标签: python django web-scraping scrapy celery

我写了一个scrapy蜘蛛,我在django celery任务中运行。当我使用以下命令运行任务时: python manage.py celery worker --lvelvel = info 来自this tutorial任务在终端中运行,似乎scrapy日志开始启动但是在日志开始出现在屏幕上之后不久,似乎芹菜脚本接管了终端窗口。我仍然不习惯使用芹菜,所以我无法分辨这项任务的进展情况。这是task.py脚本和蜘蛛文件的代码(包含我从SO post获得的代码)

tasks.py

from celery.registry import tasks
from celery.task import Task


from django.template.loader import render_to_string
from django.utils.html import strip_tags

from django.core.mail import EmailMultiAlternatives


from ticket_city_scraper.ticket_city_scraper.spiders.tc_spider import spiderCrawl
from celery import shared_task

@shared_task
def crawl():
    return spiderCrawl()

蜘蛛文件(底部有相关代​​码)

import scrapy
import re
import json
from scrapy.crawler import CrawlerProcess
from scrapy import Request
from scrapy.contrib.spiders import CrawlSpider , Rule
from scrapy.selector import HtmlXPathSelector
from scrapy.selector import Selector
from scrapy.contrib.loader import ItemLoader
from scrapy.contrib.loader import XPathItemLoader
from scrapy.contrib.loader.processor import Join, MapCompose
from comparison.ticket_city_scraper.ticket_city_scraper.items import ComparatorItem
from urlparse import urljoin

from scrapy.utils.project import get_project_settings
from scrapy.crawler import CrawlerRunner
from twisted.internet import reactor, defer
from scrapy.utils.log import configure_logging


from billiard import Process




bandname = raw_input("Enter bandname\n")
tc_url = "https://www.ticketcity.com/concerts/" + bandname + "-tickets.html" 

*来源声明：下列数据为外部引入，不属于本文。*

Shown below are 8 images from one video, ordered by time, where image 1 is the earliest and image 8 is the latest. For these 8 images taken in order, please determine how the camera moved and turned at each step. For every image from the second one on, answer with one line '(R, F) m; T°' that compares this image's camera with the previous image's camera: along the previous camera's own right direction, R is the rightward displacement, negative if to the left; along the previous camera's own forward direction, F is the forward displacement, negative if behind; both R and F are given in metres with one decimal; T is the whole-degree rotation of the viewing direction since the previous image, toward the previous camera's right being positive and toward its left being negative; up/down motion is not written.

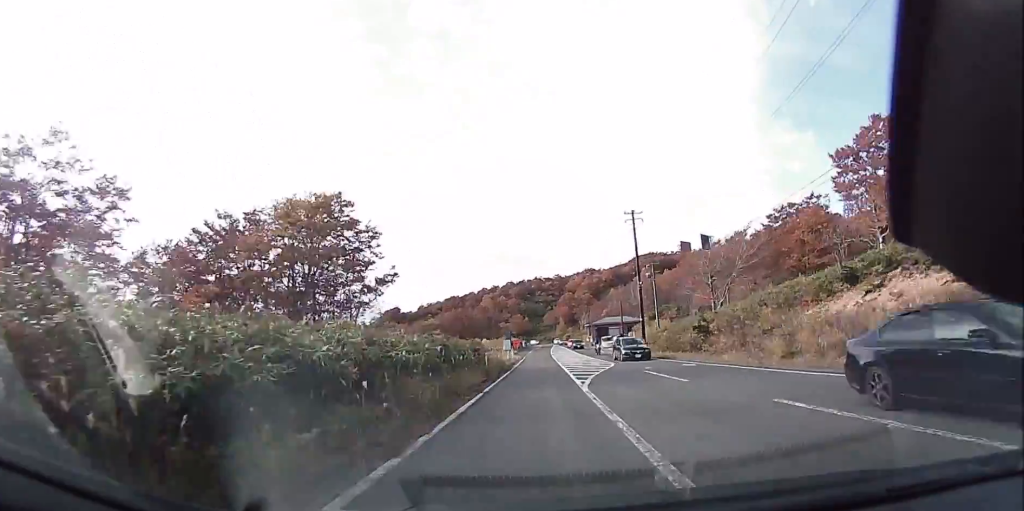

class MySpider3(CrawlSpider):
    handle_httpstatus_list = [416]
    name = 'comparator'
    allowed_domains = ["www.ticketcity.com"]

    start_urls = [tc_url]
    tickets_list_xpath = './/div[@class = "vevent"]'
    def create_link(self, bandname):
        tc_url = "https://www.ticketcity.com/concerts/" + bandname + "-tickets.html"  
        self.start_urls = [tc_url]
        #return tc_url      

    tickets_list_xpath = './/div[@class = "vevent"]'

    def parse_json(self, response):
        loader = response.meta['loader']
        jsonresponse = json.loads(response.body_as_unicode())
        ticket_info = jsonresponse.get('B')
        price_list = [i.get('P') for i in ticket_info]
        if len(price_list) > 0:
            str_Price = str(price_list[0])
            ticketPrice = unicode(str_Price, "utf-8")
            loader.add_value('ticketPrice', ticketPrice)
        else:
            ticketPrice = unicode("sold out", "utf-8")
            loader.add_value('ticketPrice', ticketPrice)
        return loader.load_item()

    def parse_price(self, response):
        print "parse price function entered \n"
        loader = response.meta['loader']
        event_City = response.xpath('.//span[@itemprop="addressLocality"]/text()').extract() 
        eventCity = ''.join(event_City) 
        loader.add_value('eventCity' , eventCity)
        event_State = response.xpath('.//span[@itemprop="addressRegion"]/text()').extract() 
        eventState = ''.join(event_State) 
        loader.add_value('eventState' , eventState) 
        event_Date = response.xpath('.//span[@class="event_datetime"]/text()').extract() 
        eventDate = ''.join(event_Date)  
        loader.add_value('eventDate' , eventDate)    
        ticketsLink = loader.get_output_value("ticketsLink")
        json_id_list= re.findall(r"(\d+)[^-]*$", ticketsLink)
        json_id=  "".join(json_id_list)
        json_url = "https://www.ticketcity.com/Catalog/public/v1/events/" + json_id + "/ticketblocks?P=0,99999999&q=0&per_page=250&page=1&sort=p.asc&f.t=s&_=1436642392938"
        yield scrapy.Request(json_url, meta={'loader': loader}, callback = self.parse_json, dont_filter = True) 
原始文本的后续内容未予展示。